Citizens, particularly litigants, ought to remind recalcitrant, oath-flouting, rule-breaking, law-violating judges of this reality from time to time.  Plainly and simply, any public employee who violates his oath to support, protect, or defend the constitutions (meaning enforce the limits on government power and the guarantees of people's rights) BECOMES THEREBY AN ENEMY of the constitutions.  And EVERYbody who encounters such an enemy has a constitutional duty to excise that enemy from government.

ONLY when the people make judges fear summary excision will judges stop behaving like enemies of the people and of the constitutions.

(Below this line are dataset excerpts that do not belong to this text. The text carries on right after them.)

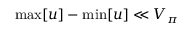
\operatorname* { m a x } [ u ] - \operatorname* { m i n } [ u ] \ll V _ { \pi }
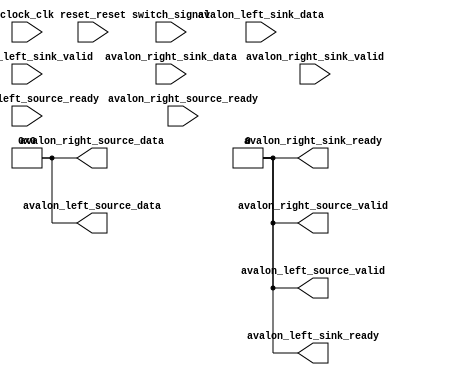
// noise_effect.v

// This file was auto-generated as a prototype implementation of a module
// created in component editor.  It ties off all outputs to ground and
// ignores all inputs.  It needs to be edited to make it do something
// useful.
// 
// This file will not be automatically regenerated.  You should check it in
// to your version control system if you want to keep it.

`timescale 1 ps / 1 ps
module noise_effect (
		input  wire        clock_clk,                 //               clock.clk
		input  wire        reset_reset,               //               reset.reset
		input  wire        avalon_left_source_ready,  //  avalon_left_source.ready
		output wire        avalon_left_source_valid,  //                    .valid
		output wire [23:0] avalon_left_source_data,   //                    .data
		input  wire        avalon_left_sink_valid,    //    avalon_left_sink.valid
		output wire        avalon_left_sink_ready,    //                    .ready
		input  wire [23:0] avalon_left_sink_data,     //                    .data
		input  wire [23:0] avalon_right_sink_data,    //   avalon_right_sink.data
		input  wire        avalon_right_sink_valid,   //                    .valid
		output wire        avalon_right_sink_ready,   //                    .ready
		input  wire        avalon_right_source_ready, // avalon_right_source.ready
		output wire        avalon_right_source_valid, //                    .valid
		output wire [23:0] avalon_right_source_data,  //                    .data
		input  wire        switch_signal              //              switch.new_signal
	);

	// TODO: Auto-generated HDL template

	assign avalon_left_source_valid = 1'b0;

	assign avalon_left_source_data = 24'b000000000000000000000000;

	assign avalon_left_sink_ready = 1'b0;

	assign avalon_right_sink_ready = 1'b0;

	assign avalon_right_source_valid = 1'b0;

	assign avalon_right_source_data = 24'b000000000000000000000000;

endmodule
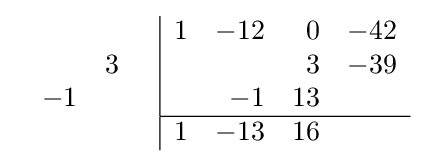
{\begin{array}{cc}{\begin{array}{rr}\\&3\\-1&\\\\\end{array}}&{\begin{array}{|rrrr}1&-12&0&-42\\&&3&-39\\&-1&13&\\\hline 1&-13&16&\\\end{array}}\end{array}}
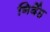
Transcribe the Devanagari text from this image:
निर्देह
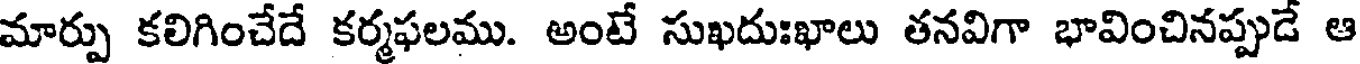
మార్పు కలిగించేదే కర్మఫలము. అంటే సుఖదుఃఖాలు తనవిగా భావించినప్పుడే ఆ
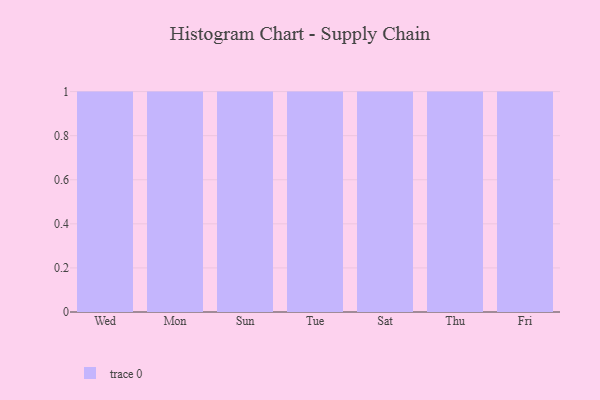
{"axis": {"x": "Day", "y": "Net Income (USD K)"}, "legend": [""], "data": [{"x": "Wed", "y": 25, "type": ""}, {"x": "Mon", "y": 66, "type": ""}, {"x": "Sun", "y": 30, "type": ""}, {"x": "Tue", "y": 41, "type": ""}, {"x": "Sat", "y": 44, "type": ""}, {"x": "Thu", "y": 37, "type": ""}, {"x": "Fri", "y": 98, "type": ""}]}
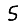
Digit: 5
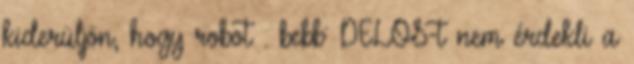
kiderüljön, hogy robot . bebb: DELOS-t nem érdekli a
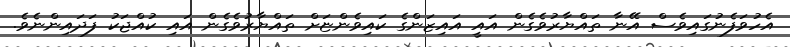
އެހުވަފެނުގައިވެސް އޭނާ ތައްޔާރުވެގެން އައީ އައިޒަންގެ ކައިވެންޏަށް ތައްޔާރުވެގެން އައި ކުއްޖަކު ފަދައިންނެވެ.
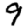
Digit: 9
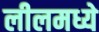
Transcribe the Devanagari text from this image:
लीलमध्ये
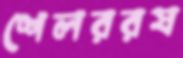
শেলররষ
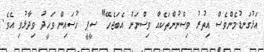
އަޅުގަނޑުމެންވެސް އިތުރު ވިސްނުންތަކެއް ވިސްނަން އެބަޖެހޭ" ސީޕީ ހުސައިން ވަހީދު ވިދާޅުވި އެވެ.
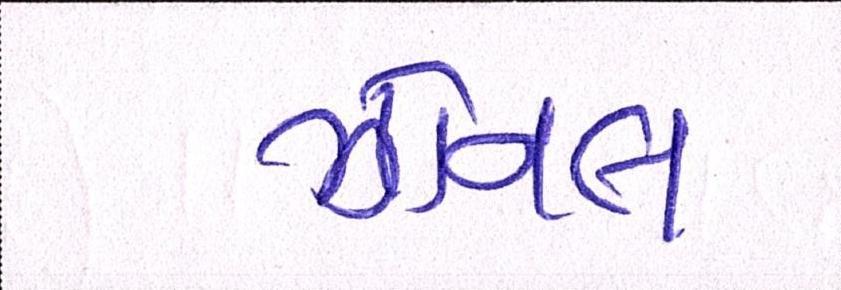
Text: ઝોનલ
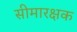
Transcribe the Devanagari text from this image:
सीमारक्षक
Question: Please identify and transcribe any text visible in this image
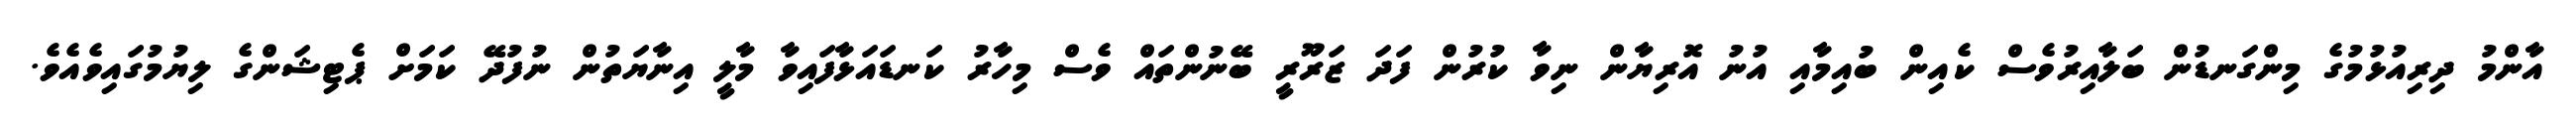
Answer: އާންމު ދިރިއުޅުމުގެ މިންގަނޑުން ބަލާއިރުވެސް ކެއިން ބުއިމާއި އުނު އޮރިޔާން ނިވާ ކުރުން ފަދަ ޒަރޫރީ ބޭނުންތައް ވެސް މިހާރު ކަނޑައަޅާފައިވާ މާލީ އިނާޔަތުން ނުފުދޭ ކަމަށް ޕެޓިޝަންގެ ލިޔުމުގައިވެއެވެ.
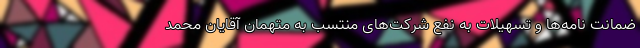
ضمانت نامه‌ها و تسهیلات به نفع شرکت‌های منتسب به متهمان آقایان محمد
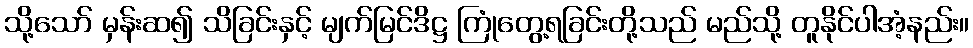
သို့သော် မှန်းဆ၍ သိခြင်းနှင့် မျက်မြင်ဒိဋ္ဌ ကြုံတွေ့ရခြင်းတို့သည် မည်သို့ တူနိုင်ပါအံ့နည်း။
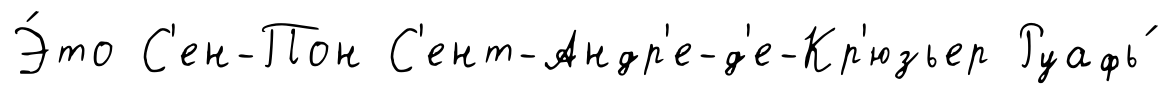
Э́то С'ен-Пон С'ент-Андр'е-д'е-Кр'юзьер Руафь́
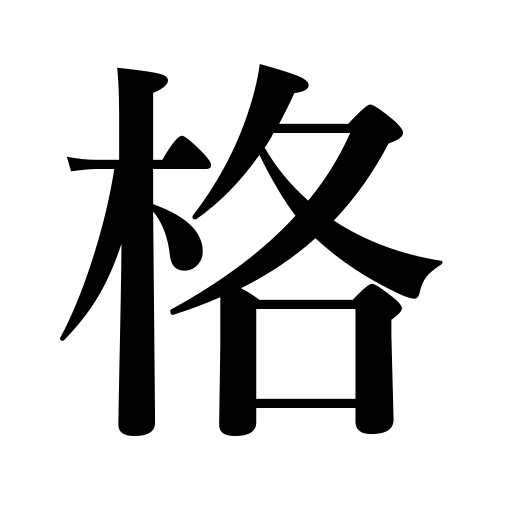
Meanings: capacity,a rule,a case in law,case in grammer,character,standard,status,rank
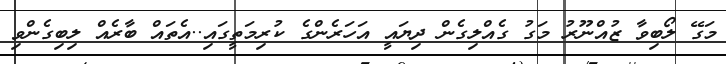
މަގޭ ލޯބިވާ ޒުއްނޫރު މަގު ގެއްލިގެން ދިޔައީ އަހަރެންގެ ކުރިމަތީގައި..އެތައް ބާރެއް ލިބިގެންވި
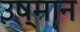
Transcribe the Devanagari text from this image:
उष्मान
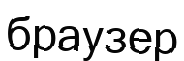
браузер
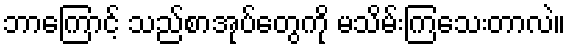
ဘာကြောင့် သည်စာအုပ်တွေကို မသိမ်းကြသေးတာလဲ။
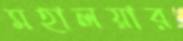
মহালয়ার
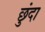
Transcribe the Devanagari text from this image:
छुंदा
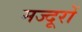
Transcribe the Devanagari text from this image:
मज्दूरों
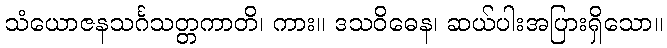
သံယောဇနသင်္ဂသတ္တကာတိ၊ ကား။ ဒသဝိဓေန၊ ဆယ်ပါးအပြားရှိသော။
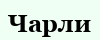
Чарли
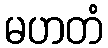
မဟတံ
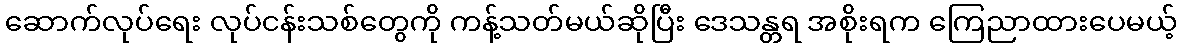
ဆောက်လုပ်ရေး လုပ်ငန်းသစ်တွေကို ကန့်သတ်မယ်ဆိုပြီး ဒေသန္တရ အစိုးရက ကြေညာထားပေမယ့်
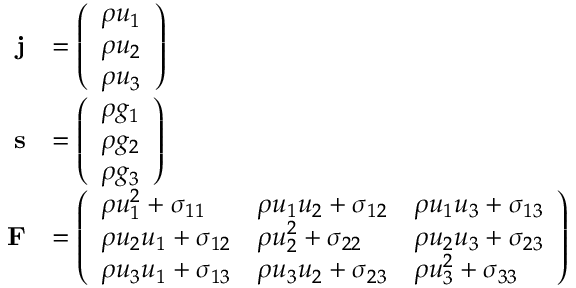
{ \begin{array} { r l } { { \mathbf { j } } } & { = { \left( \begin{array} { l } { \rho u _ { 1 } } \\ { \rho u _ { 2 } } \\ { \rho u _ { 3 } } \end{array} \right) } } \\ { { \mathbf { s } } } & { = { \left( \begin{array} { l } { \rho g _ { 1 } } \\ { \rho g _ { 2 } } \\ { \rho g _ { 3 } } \end{array} \right) } } \\ { { \mathbf { F } } } & { = { \left( \begin{array} { l l l } { \rho u _ { 1 } ^ { 2 } + \sigma _ { 1 1 } } & { \rho u _ { 1 } u _ { 2 } + \sigma _ { 1 2 } } & { \rho u _ { 1 } u _ { 3 } + \sigma _ { 1 3 } } \\ { \rho u _ { 2 } u _ { 1 } + \sigma _ { 1 2 } } & { \rho u _ { 2 } ^ { 2 } + \sigma _ { 2 2 } } & { \rho u _ { 2 } u _ { 3 } + \sigma _ { 2 3 } } \\ { \rho u _ { 3 } u _ { 1 } + \sigma _ { 1 3 } } & { \rho u _ { 3 } u _ { 2 } + \sigma _ { 2 3 } } & { \rho u _ { 3 } ^ { 2 } + \sigma _ { 3 3 } } \end{array} \right) } } \end{array} }
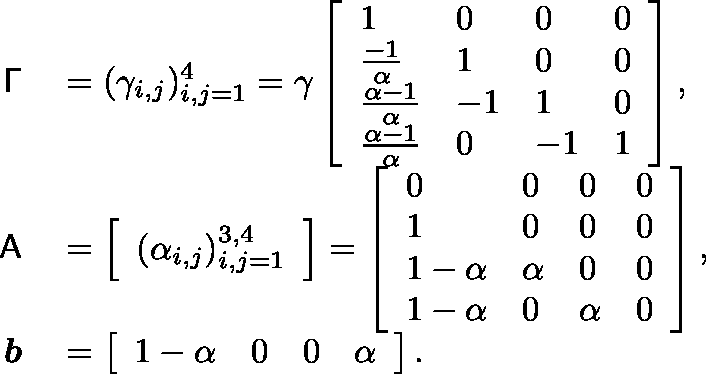
\begin{array} { r l } { \mathsf { \Gamma } } & { { } = ( \gamma _ { i , j } ) _ { i , j = 1 } ^ { 4 } = \gamma \left[ \begin{array} { l l l l } { 1 } & { 0 } & { 0 } & { 0 } \\ { \frac { - 1 } { \alpha } } & { 1 } & { 0 } & { 0 } \\ { \frac { \alpha - 1 } { \alpha } } & { - 1 } & { 1 } & { 0 } \\ { \frac { \alpha - 1 } { \alpha } } & { 0 } & { - 1 } & { 1 } \end{array} \right] , } \\ { \mathsf { A } } & { { } = \left[ \begin{array} { l } { ( \alpha _ { i , j } ) _ { i , j = 1 } ^ { 3 , 4 } } \end{array} \right] = \left[ \begin{array} { l l l l } { 0 } & { 0 } & { 0 } & { 0 } \\ { 1 } & { 0 } & { 0 } & { 0 } \\ { 1 - \alpha } & { \alpha } & { 0 } & { 0 } \\ { 1 - \alpha } & { 0 } & { \alpha } & { 0 } \end{array} \right] , } \\ { \boldsymbol { b } } & { { } = \left[ \begin{array} { l l l l } { 1 - \alpha } & { 0 } & { 0 } & { \alpha } \end{array} \right] . } \end{array}
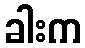
ခါးက
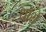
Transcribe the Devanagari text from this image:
थॉरो
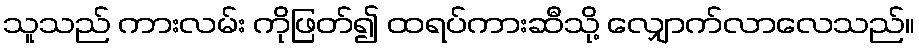
သူသည် ကားလမ်း ကိုဖြတ်၍ ထရပ်ကားဆီသို့ လျှောက်လာလေသည်။
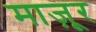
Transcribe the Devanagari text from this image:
माज़ूर
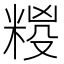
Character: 𮇩
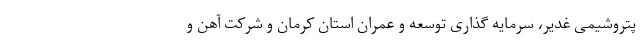
پتروشیمی غدیر، سرمایه گذاری توسعه و عمران استان کرمان و شرکت آهن و
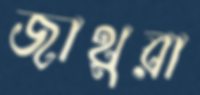
জাথুরা
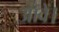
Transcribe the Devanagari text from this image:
आवें।
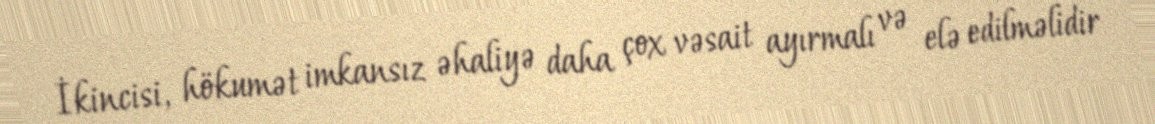
İkincisi, hökumət imkansız əhaliyə daha çox vəsait ayırmalı və elə edilməlidir
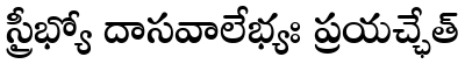
స్త్రీభ్యో దాసవాలేభ్యః ప్రయచ్ఛేత్
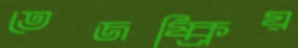
তেজষ্ক্রিয়
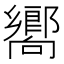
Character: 嚮
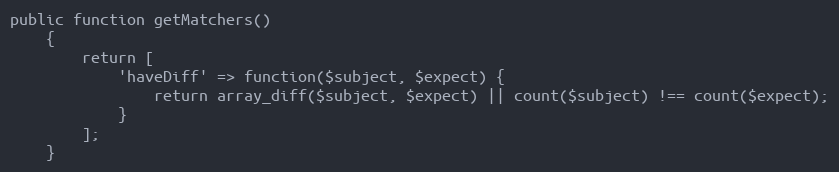
Language: PHP
public function getMatchers()
    {
        return [
            'haveDiff' => function($subject, $expect) {
                return array_diff($subject, $expect) || count($subject) !== count($expect);
            }
        ];
    }

Consider me like the boy who blurted out that the king had no clothes on when everyone else pretended they saw the king fully clothed.  I see blatant crookedness in our courts, by bailiffs and judges nearly every time I visit them and government and the media almost totally ignores it.  It embarrasses me and I hate it.  Please get off your butts and help me correct it.  Remember this from the Florida Constitution of 1838, Article I:

Section 2. That all political power is inherent in the people, and all free governments are founded on their authority, and established for their benefit; and, therefore, they have, at all times, an inalienable and indefeasible right to alter or abolish their form of government, in such manner as they may deem expedient.

This provision will remain forever true as it reminds people of the first rules of responsible liberty: vigilance and timely correction.  With your fellow man, turn the other cheek.  With government abuse, tolerance is a bad policy.